Health insurers are gung-ho about finding ways to pay physicians for clinical quality as opposed to quantity. And the health care reform bill proposed some innovative payment reforms such as bundled payments, medical homes and accountable care organizations.

But no one should get too excited just yet, said Anna Fallieras, program leader for health care initiatives at General Electric, during a presentation at the 2010 AHIP Institute in Las Vegas.

"Right now we have a bit of irrational exuberance around these programs and little evidence about their effectiveness," Fallieras said before a standing-room only crowd. In addition, she said, these programs will not cure all that ails the health care industry. GE, which in 2009 spent $2.5 billion on employee health care, has yet to see any payoffs from the recent quality/efficiency push. GE's expenditures for outpatient services, for example, shot up 30% in 2009, driven mostly by higher prices as opposed to increased utilization.

Another troubling trend: The mantra that provider consolidation inevitably leads to lower costs/better quality/more efficiency has not proven the case, Fallieras said. GE's research found that in consolidating provider markets where there is a dominant provider organization, costs rose significantly will little indication of any clinical benefits for GE employees.

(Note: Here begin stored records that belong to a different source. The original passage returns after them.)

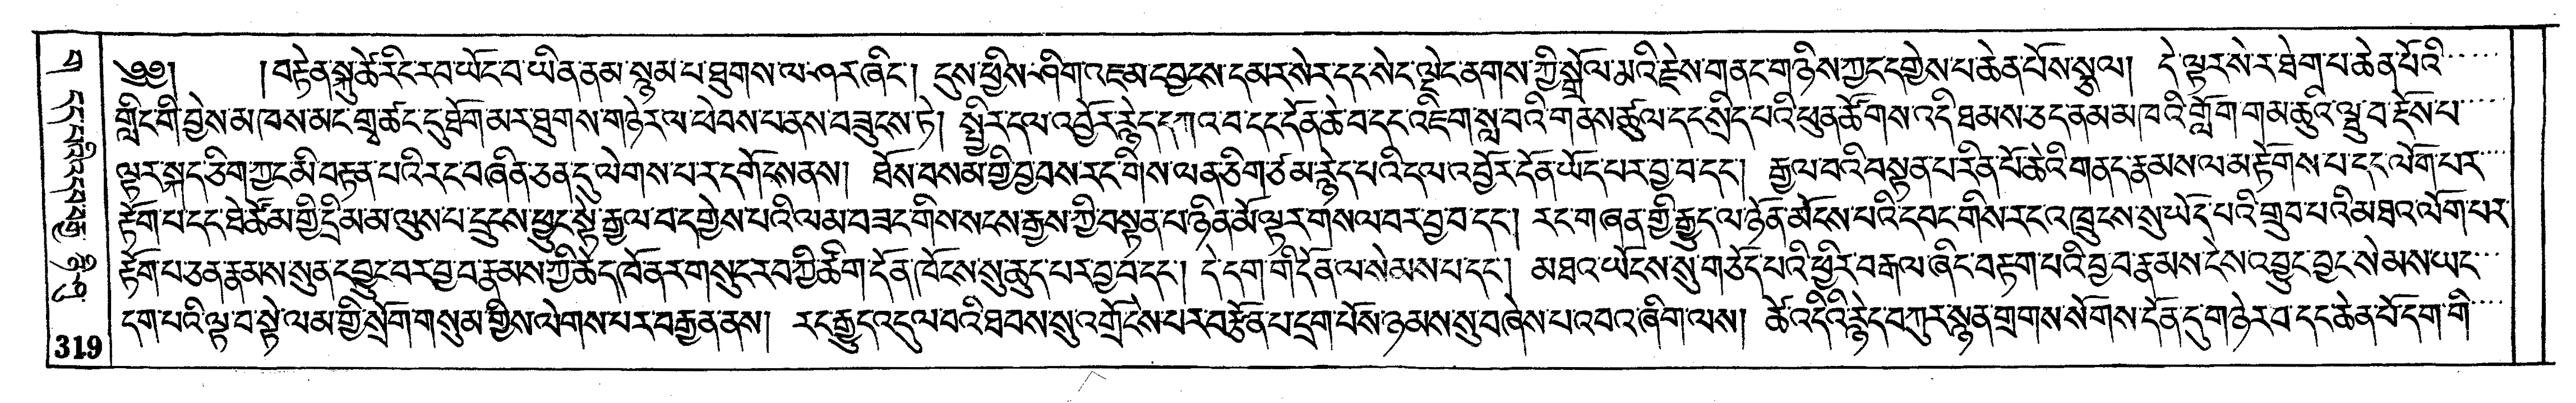༄༅། །བརྟེན་སྐུ་ཚེ་རིང་རབ་ཡོང་བ་ཡིན་ནམ་སྙམ་པ་ཐུགས་ལ་ཤར་ཞིང་། དུས་ཕྱིས་ཤིག་འཇམ་དབྱངས་དམར་སེར་དང་སེང་ལྡེང་ནགས་ཀྱི་སྒྲོལ་མའི་རྗེས་གནང་གཉིས་ཀྱང་དགྱེས་པ་ཆེན་པོས་སྩལ། དེ་ལྟར་སེ་ར་ཐེག་པ་ཆེན་པོའི་
གླིང་གི་བྱེས་མཁས་མང་གྲྭ་ཚང་དུ་ཐོག་མར་ཐུགས་གཉེར་ལ་ཕེབས་པ་ནས་བཟུངས་ཏེ། སྤྱིར་དལ་འབྱོར་རྙེད་དཀའ་བ་དང་དོན་ཆེ་བ་དང་འཇིག་སླ་བའི་གནས་ཚུལ་དང་སྲིད་པའི་ཕུན་ཚོགས་འདི་ཐམས་ཅད་ནམ་མཁའི་གློག་གམ་ཆུའི་ལྦུ་བ་རྡོས་པ་
ལྟར་སྐད་ཅིག་ཀྱང་མི་བརྟན་པའི་རང་བཞིན་ཅན་དུ་ལེགས་པར་དགོངས་ནས། ཐོས་བསམ་གྱི་བྱ་བས་རང་གིས་ལན་ཅིག་ཙམ་རྙེད་པའི་དལ་འབྱོར་དོན་ཡོད་པར་བྱ་བ་དང་། རྒྱལ་བའི་བསྟན་པ་རིན་པོ་ཆེའི་གནད་རྣམས་ལ་མ་རྟོགས་པ་དང་ལོག་པར་
རྟོག་པ་དང་ཐེ་ཚོམ་གྱི་དྲི་མ་མ་ལུས་པ་དྲུངས་ཕྱུང་སྟེ་རྒྱལ་བ་དགྱེས་པའི་ལམ་བཟང་གིས་སངས་རྒྱས་ཀྱི་བསྟན་པ་ཉིན་མོ་ལྟར་གསལ་བར་བྱ་བ་དང་། རང་གཞན་གྱི་རྒྱུད་ལ་ཉོན་མོངས་པའི་དབང་གིས་རང་འཁྲུངས་སུ་ཡོད་པའི་གྲུབ་པའི་མཐའ་ལོག་པར་
རྟོག་པ་ཅན་རྣམས་སུན་དབྱུང་བར་བྱ་བ་རྣམས་ཀྱི་ཆེད་ཁོ་ནར་གསུང་རབ་ཀྱི་ཚིག་དོན་ཁོངས་སུ་ཆུད་པར་བྱ་བ་དང་། དེ་དག་གི་དོན་ལ་སེམས་པ་དང་། མཐའ་ཡོངས་སུ་གཅོད་པའི་ཕྱིར་བརྒལ་ཞིང་བརྟག་པའི་བྱ་བ་རྣམས་ངེས་འབྱུང་བྱང་སེམས་ཡང་
དག་པའི་ལྟ་བ་སྟེ་ལམ་གྱི་སྲོག་གསུམ་གྱིས་ལེགས་པར་བརྒྱན་ནས། རང་རྒྱུད་འདུལ་བའི་ཐབས་སུ་འགྲོ་ངེས་པར་བརྩོན་པ་དྲག་པོས་ཉམས་སུ་བཞེས་པ་འབའ་ཞིག་ལས། ཚེ་འདིའི་རྙེད་བཀུར་སྙན་གྲགས་སོགས་དོན་དུ་གཉེར་བ་དང་ཆེན་པོ་དག་གི་

Fallieras also noted that what's old is new again ... some of the reform bills proposals mimic the old concepts of capitation and primary gatekeeper, neither of which panned out.

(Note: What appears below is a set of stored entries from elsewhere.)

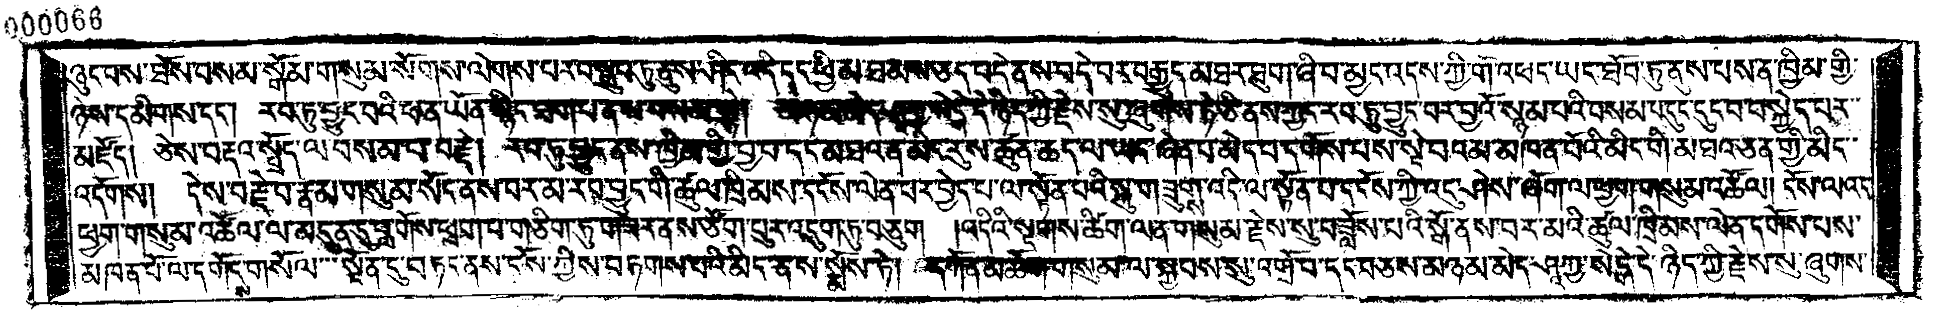ཉུང་བས་ཐོས་བསམ་སྒོམ་གསུམ་སོགས་ལེགས་པར་བསྒྲུབ་ཏུ་ནུས་ཤིང་འདི་དང་ཕྱི་མ་ཐམས་ཅད་བདེ་ནས་བདེ་བར་བརྒྱུད་མཐར་ཐུག་ཞི་བ་མྱང་འདས་ཀྱི་གོ་འཕང་ཡང་ཐོབ་ཏུ་ནུས་པས་ན་ཁྱིམ་གྱི་
ཉེས་དམིགས་དང་། རབ་ཏུ་བྱུང་བའི་ཕན་ཡོན་སྙིང་ཐག་པ་ནས་བསམ་སྟེ། མཉམ་མེད་ཤཱཀྱ་སེངྒེ་དེ་ཉིད་ཀྱི་རྗེས་སུ་ཞུགས་ཏེ་ཅི་ནས་ཀྱང་རབ་ཏུ་བྱུང་བར་བྱའོ་སྙམ་པའི་བསམ་པ་དུང་དུང་བ་བསྐྱེད་པར་
མཛོད། ཅེས་བརྡའ་སྤྲོད་ལ་བསམ་པ་བརྗེ། རབ་ཏུ་བྱུང་ནས་ཁྱིམ་གྱི་བྱ་བ་དང་མཐའ་ན་མིང་རུས་ཚུན་ཆད་ལ་ཡང་ཞེན་པ་མེད་པ་དགོས་པས་སྡེ་བའམ་མཁན་པོའི་མིང་གི་མཐའ་ཅན་གྱི་མིང་
འདོགས། དེས་བརྗེ་བ་རྣམ་གསུམ་སོང་ནས་བར་མ་རབ་བྱུང་གི་ཚུལ་ཁྲིམས་དངོས་ལེན་པར་བྱེད་པ་ལ་སྟོན་པའི་སྐུ་གཟུགས་འདི་ལ་སྟོན་པ་དངོས་ཀྱི་འདུ་ཤེས་ཞོག་ལ་ཕྱག་གསུམ་འཚོལ། ངོས་ལའང་
ཕྱག་གསུམ་འཚོལ་ལ་མདུན་དུ་བླ་གོས་ཕྲག་པ་གཅིག་ཏུ་གཟར་ནས་ཙོག་པུར་འདུག་ཏུ་བཅུག །འདིའི་སྔགས་ཚིག་ལན་གསུམ་རྗེས་སུ་བཟློས་པའི་སྒོ་ནས་བར་མའི་ཚུལ་ཁྲིམས་ལེན་དགོས་པས་
མཁན་པོ་ལ་དགོངས་གསོལ་སྔོན་དུ་བཏང་ནས་ངོས་ཀྱིས་བཏགས་པའི་མིང་ནས་སྨོས་ཏེ། དཀོན་མཆོག་གསུམ་ལ་སྐྱབས་སུ་འགྲོ་བ་དང་བཅས་མཉམ་མེད་ཤཱཀྱ་སེངྒེ་དེ་ཉིད་ཀྱི་རྗེས་སུ་ཞུགས་

Andrew Baskin, M.D., the medical director at Aetna Inc., also sounded a cautionary note when discussing payment reform. He focused his presentation on the immense difficulty of creating bundled payments, a project underway at Aetna. The insurer's development team is trying to develop bundled payments for knee replacement surgeries. Questions large and small constantly crop up, he noted.

For example, what patients are eligible for bundled payments? "Well, if you decide that only healthy patients are eligible, you've just eliminated at least half of the potential payments, since the procedure is usually done on elderly patients, many of whom can't really be considered healthy. And when do bundled payments start, at the decision date or surgical date? And are all clinicians involved in the patient's care eligible for bundled services, or just a surgeon?"

The list of decisions required to offer bundled payments are seemingly endless, he said. "A real good one is the idea you'll be paying for directly-related costs. Everyone you put in a room will have a different definition of what's 'directly related,' I assure you."